Comment 7 commit-hook freebsd_committer 2019-12-18 12:07:10 UTC
A commit references this bug:

Author: hselasky
Date: Wed Dec 18 12:06:35 UTC 2019
New revision: 355881
URL: https://svnweb.freebsd.org/changeset/base/355881

Log:
  Leave multicast group before reaping and committing state for both
  IPv4 and IPv6.

  This fixes a regression issue after r349369. When trying to exit a
  multicast group before closing the socket, a multicast leave packet
  should be sent.

  Differential Revision:	https://reviews.freebsd.org/D22848
  PR: 242677
  Reviewed by:	bz (network)
  Tested by:	Aleksandr Fedorov <aleksandr.fedorov@itglobal.com>
  MFC after:	1 week
  Sponsored by:	Mellanox Technologies

Changes:
  head/sys/netinet/in_mcast.c
  head/sys/netinet6/in6_mcast.c
Comment 8 guido 2019-12-18 15:27:27 UTC
(In reply to Hans Petter Selasky from comment #5)
This patch (applied to 12.1) fixes the remaining multicast issues I had.
Comment 9 Kubilay Kocak freebsd_committer freebsd_triage 2019-12-24 00:11:34 UTC
^Triage: 

- Re-open pending MFC
- Set mfc-stable11 to (assuming only stable/12 regressed).
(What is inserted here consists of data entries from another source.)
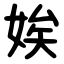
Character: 娭
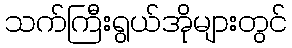
သက်ကြီးရွယ်အိုများတွင်
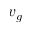
v _ { g }
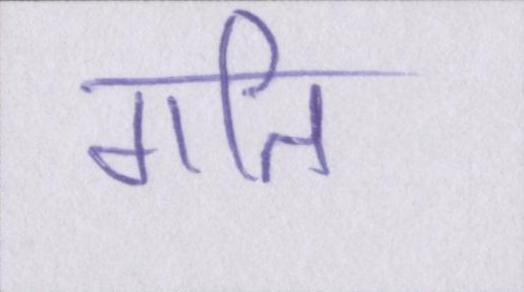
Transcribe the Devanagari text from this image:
गति
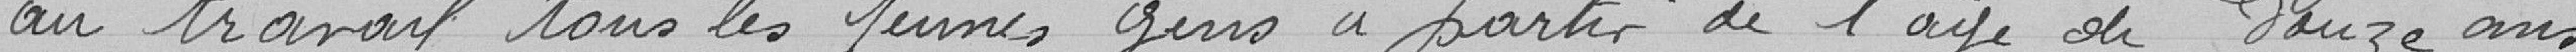
au travail tous les jeunes gens à partir de l'age de Douze ans
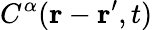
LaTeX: C^{\alpha}(\mathbf{r}-\mathbf{r^{\prime}},t)
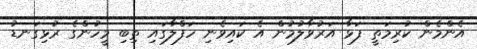
އެންމެން ކުރިމަތީ ފަޅާ އަރުވާލުމުން އެ ކައިވެނި ހަފްލާގައި ތިބި މީހުންގެ ރުޅިގަނޑު
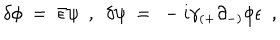
\delta \phi ~ = ~ { \bar { \epsilon } } \psi ~ ~ , ~ ~ \delta \psi ~ = ~ - i \gamma _ { ( + } \partial _ { - ) } \phi \epsilon ~ ~ ,
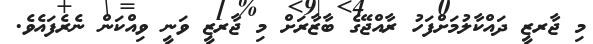
މި ޖާރޒީ ދައްކާލުމަށްފަހު ރާއްޖޭގެ ބާޒާރަށް މި ޖާރޒީ ވަނީ ވިއްކަން ނެރެފައެވެ.
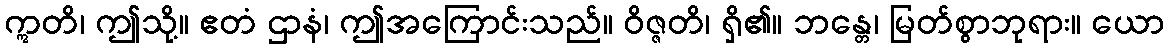
ဣတိ၊ ဤသို့။ ဧတံ ဌာနံ၊ ဤအကြောင်းသည်။ ဝိဇ္ဇတိ၊ ရှိ၏။ ဘန္တေ၊ မြတ်စွာဘုရား။ ယော
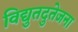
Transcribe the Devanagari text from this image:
विद्युतदुतेजना
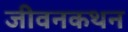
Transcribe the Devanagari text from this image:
जीवनकथन
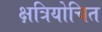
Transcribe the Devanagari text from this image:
क्षत्रियोचित
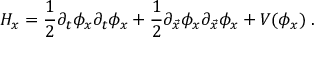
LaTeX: { \cal H } _ { x } = { \frac { 1 } { 2 } } \partial _ { t } \phi _ { x } \partial _ { t } \phi _ { x } + { \frac { 1 } { 2 } } \partial _ { \vec { x } } \phi _ { x } \partial _ { \vec { x } } \phi _ { x } + V ( \phi _ { x } ) \; .
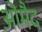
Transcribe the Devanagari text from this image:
ओमैद
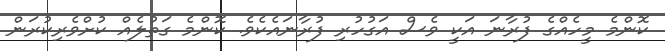
ކޮންމެ މީހެއްގެ ފުރާނަ އަކީ ވެސް އަގުހުރި ފުރާނައެކެވެ. ކޮންމެ ގަތުލެއް ކުށްވެރިކުރަން
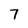
Character: 7
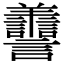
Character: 𦏯
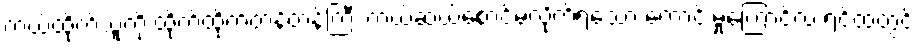
ကယ်ထိုက်သူကို ထိုက်ထိုက်တန်တန်ကြီး ကယ်ဆယ်စောင်မလိုက်ရသော ကောင်းမှုကြောင့်လဲ ရင်ထဲတွင်
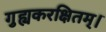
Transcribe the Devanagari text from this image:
गुह्यकरक्षितम्।
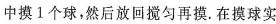
中摸1个球，然后放回搅匀再摸。在摸球实
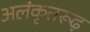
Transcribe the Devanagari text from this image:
अलंकृतरूढ़

If incorrect, please set flag to ? and + on merge to stable/11
Comment 10 commit-hook freebsd_committer 2019-12-25 09:26:17 UTC
A commit references this bug:

Author: hselasky
Date: Wed Dec 25 09:25:21 UTC 2019
New revision: 356069
URL: https://svnweb.freebsd.org/changeset/base/356069

Log:
  MFC r355881:
  Leave multicast group before reaping and committing state for both
  IPv4 and IPv6.

  This fixes a regression issue after r349369. When trying to exit a
  multicast group before closing the socket, a multicast leave packet
  should be sent.

  Differential Revision:	https://reviews.freebsd.org/D22848
  PR: 242677
  Reviewed by:	bz (network)
  Tested by:	Aleksandr Fedorov <aleksandr.fedorov@itglobal.com>
  Sponsored by:	Mellanox Technologies

Changes:
_U  stable/12/
  stable/12/sys/netinet/in_mcast.c
  stable/12/sys/netinet6/in6_mcast.c
Comment 11 Hans Petter Selasky freebsd_committer 2019-12-25 09:35:55 UTC
I think only FreeBSD 12-stable is relevant for this patch.